Dire que l’Expert qui sera désigné, devra, préalablement à l’ouverture de leurs opérations, établir la déclaration d’indépendance suivante :
« Je déclare sur l’honneur n’avoir aucun lien, direct ou indirect, avec les parties en cause ou leurs Conseils désignés, n’avoir à ma connaissance aucun intérêt direct ou indirect, de nature à porter atteinte à l’objectivité, ou qui pourrait être jugé comme tel, dont je dois faire preuve dans le cadre de la mission qui m’est confiée et m’engage, si je devais acquérir ou détenir de tels intérêts, au cours des opérations d’expertises, à les déclarer immédiatement. »
JUGER que la Compagnie PACIFICA sera tenue de procéder à la consignation préalable aux opérations d’expertise
CONDAMNER la Compagnie PACIFICA à verser à Madame [R] [W] une provision ad litem de 3 000,00 €
CONDAMNER la Compagnie PACIFICA à payer à Madame [R] [W], la somme de 200.000,00 € à titre de provision à valoir sur l’indemnisation de son préjudice corporel définitif
CONDAMNER la Compagnie PACIFICA à payer à Madame [R] [W], une indemnité de 3.000,00 € en application des dispositions de l’article 700 du Code de Procédure Civile.
CONDAMNER la Compagnie PACIFICA en tous les dépens de la présente instance.
MOTIFS DE LA DÉCISION :
1 – Sur la responsabilité civile du fait des choses :
Madame [W] entend engager la responsabilité civile de Monsieur [U] assuré auprès de PACIFICA sur le fondement de l’article 1242 du code civil qui précise que :
« On est responsable non seulement du dommage que l’on cause par son propre fait, mais encore de celui qui est causé par le fait des personnes dont on doit répondre, ou des choses que l’on a sous sa garde. »
Il résulte en outre de l’article 1353 du code civil que celui qui réclame l’exécution d’une obligation doit la prouver.
La charge de la preuve pèse en conséquence sur le demandeur.
Madame [W] doit ainsi démontrer l’anormalité de l’escalier dans son fonctionnement, son état, sa fabrication, sa solidité ou sa position.
Madame [W] soutient que l’escalier était dangereux et qu’il présentait un caractère d’anormalité.
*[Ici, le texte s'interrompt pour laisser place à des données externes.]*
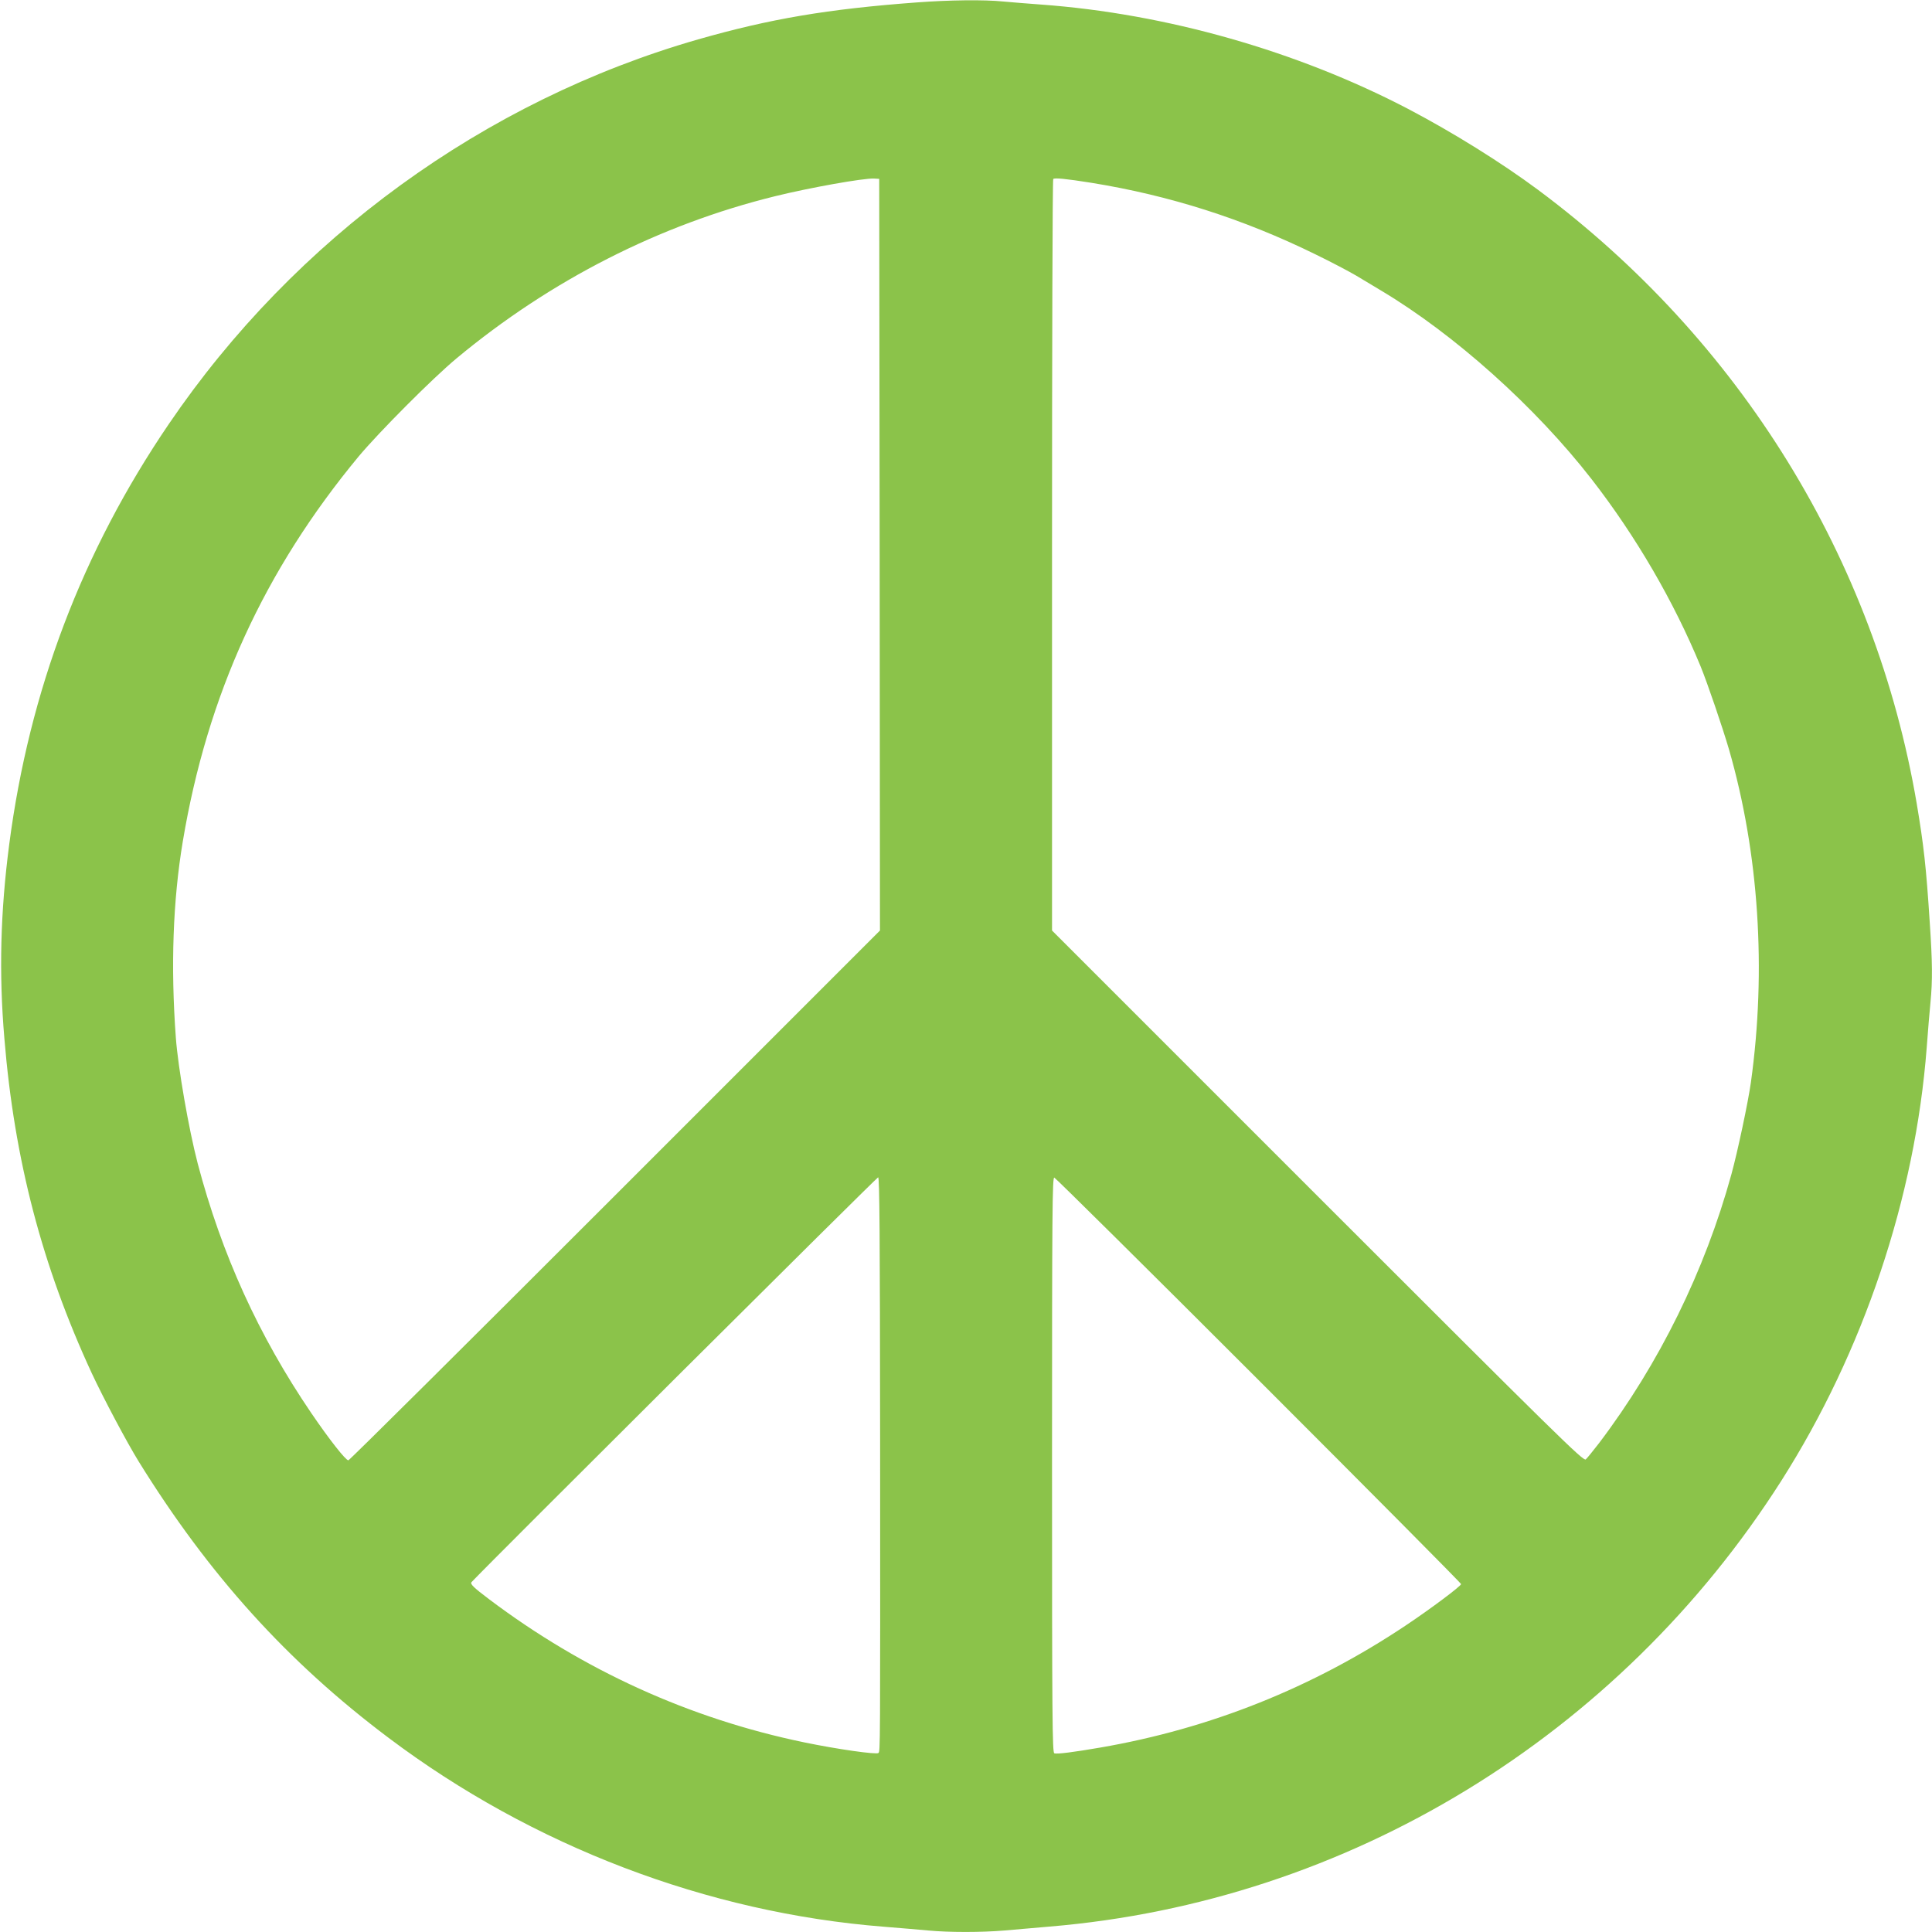 <?xml version="1.0" standalone="no"?>
<!DOCTYPE svg PUBLIC "-//W3C//DTD SVG 20010904//EN"
 "http://www.w3.org/TR/2001/REC-SVG-20010904/DTD/svg10.dtd">
<svg version="1.0" xmlns="http://www.w3.org/2000/svg"
 width="1280pt" height="1280pt" viewBox="0 0 1280 1280"
 preserveAspectRatio="xMidYMid meet">
<g transform="translate(0,1280) scale(0.1,-0.1)"
fill="#8bc34a" stroke="none">
<path d="M6075 12784 c-594 -44 -974 -109 -1450 -245 -1417 -407 -2671 -1319
-3507 -2549 -574 -844 -924 -1766 -1057 -2785 -58 -445 -69 -850 -32 -1285 66
-805 250 -1507 579 -2218 76 -163 233 -459 311 -585 465 -751 985 -1327 1656
-1831 953 -717 2112 -1159 3280 -1251 105 -8 237 -20 295 -25 136 -13 353 -13
505 0 66 6 201 17 300 26 1974 165 3768 1259 4847 2954 543 854 887 1877 963
2870 8 107 19 242 25 300 14 144 13 265 -5 530 -24 372 -40 510 -86 785 -276
1622 -1170 3071 -2510 4068 -244 181 -562 379 -859 535 -735 384 -1605 632
-2435 692 -82 6 -194 15 -248 20 -127 13 -358 10 -572 -6z m-247 -3659 l2
-2490 -1755 -1755 c-965 -965 -1760 -1755 -1767 -1755 -18 0 -127 139 -245
312 -349 513 -594 1052 -753 1654 -60 230 -130 634 -145 834 -35 474 -19 911
46 1300 163 973 539 1795 1166 2552 134 160 489 517 648 649 623 518 1346 886
2110 1074 231 57 585 120 655 117 l35 -2 3 -2490z m1402 2464 c520 -84 1006
-239 1485 -474 105 -51 226 -115 270 -141 44 -26 118 -71 165 -99 486 -290
1023 -771 1395 -1250 292 -376 544 -808 722 -1240 46 -113 144 -400 188 -550
198 -686 249 -1462 145 -2207 -18 -129 -88 -459 -129 -608 -176 -640 -478
-1254 -876 -1780 -40 -52 -80 -101 -89 -109 -16 -13 -177 145 -1777 1745
l-1759 1759 0 2486 c0 1367 3 2489 8 2493 8 9 83 2 252 -25z m-1399 -8356 c1
-2041 1 -2035 -11 -2047 -12 -12 -273 25 -490 70 -760 157 -1465 478 -2090
949 -102 77 -127 101 -116 113 111 119 2685 2682 2694 2682 9 0 12 -361 13
-1767z m2509 422 c737 -737 1340 -1344 1340 -1350 0 -13 -207 -168 -371 -277
-615 -410 -1290 -680 -2019 -806 -174 -30 -288 -45 -305 -38 -13 5 -15 230
-15 1911 0 1697 2 1906 15 1903 8 -2 618 -606 1355 -1343z"/>
</g>
</svg>

Au contraire, la compagnie PACIFICA estime que les conditions de l’accident sont indéterminées et que l’anormalité de la chose inerte n’est pas démontrée par la demanderesse.
Elle indique avoir glissé sur l’escalier.
Aucune personne n’a été témoin des faits.
Dès lors les circonstances de la chute de Madame [W] sont totalement inconnues. Le compte rendu d’intervention ne précise pas les conditions de l’accident puisque les secours interviennent à midi alors qu’elle est allongée sur le canapé de l’appartement.
Il n’est dès lors pas possible d’affirmer que l’accident de Madame [W] résulte de l’anormalité de l’escalier.
Le certificat médical initial n’est pas produit par Madame [W]. La compagnie PACIFICA évoque une chute liée à un état alcoolique qui ne peut être ni infirmé ni confirmé en l’absence de document permettant de connaître l’état de Madame [W] au moment de sa prise en charge par les secours.
Rien ne permet d’exclure la faute de la victime comme le relève à juste titre la compagnie PACIFICA dans ses écritures.
Madame [W] évoque en outre la non-conformité de l’escalier qui résulterait de la ligne de pente extrêmement abrupte, de marches particulièrement et anormalement glissantes, d’une rambarde glissante, d’une seule rambarde et d’un espace vide au niveau du L de l’escalier d’environ 10 cm.
En l’espèce, aucune photographie ni constatation relative à l’escalier au moment des faits n’est produite.
Monsieur [U] évoque une soirée festive et la connaissance de l’escalier par Madame [W] qui se rendait régulièrement dans l’appartement.
S’agissant de l’attestation de Monsieur [I] produite par Madame [W]. Il est exact qu’elle ne répond pas aux exigences de l’article 202 du code de procédure civile puisqu’elle est rédigée informatiquement. En outre, il ne peut attester de l’installation de bandes rugueuses en 2018 après l’accident de Madame [W] alors qu’il n’est locataire que depuis mai 2023.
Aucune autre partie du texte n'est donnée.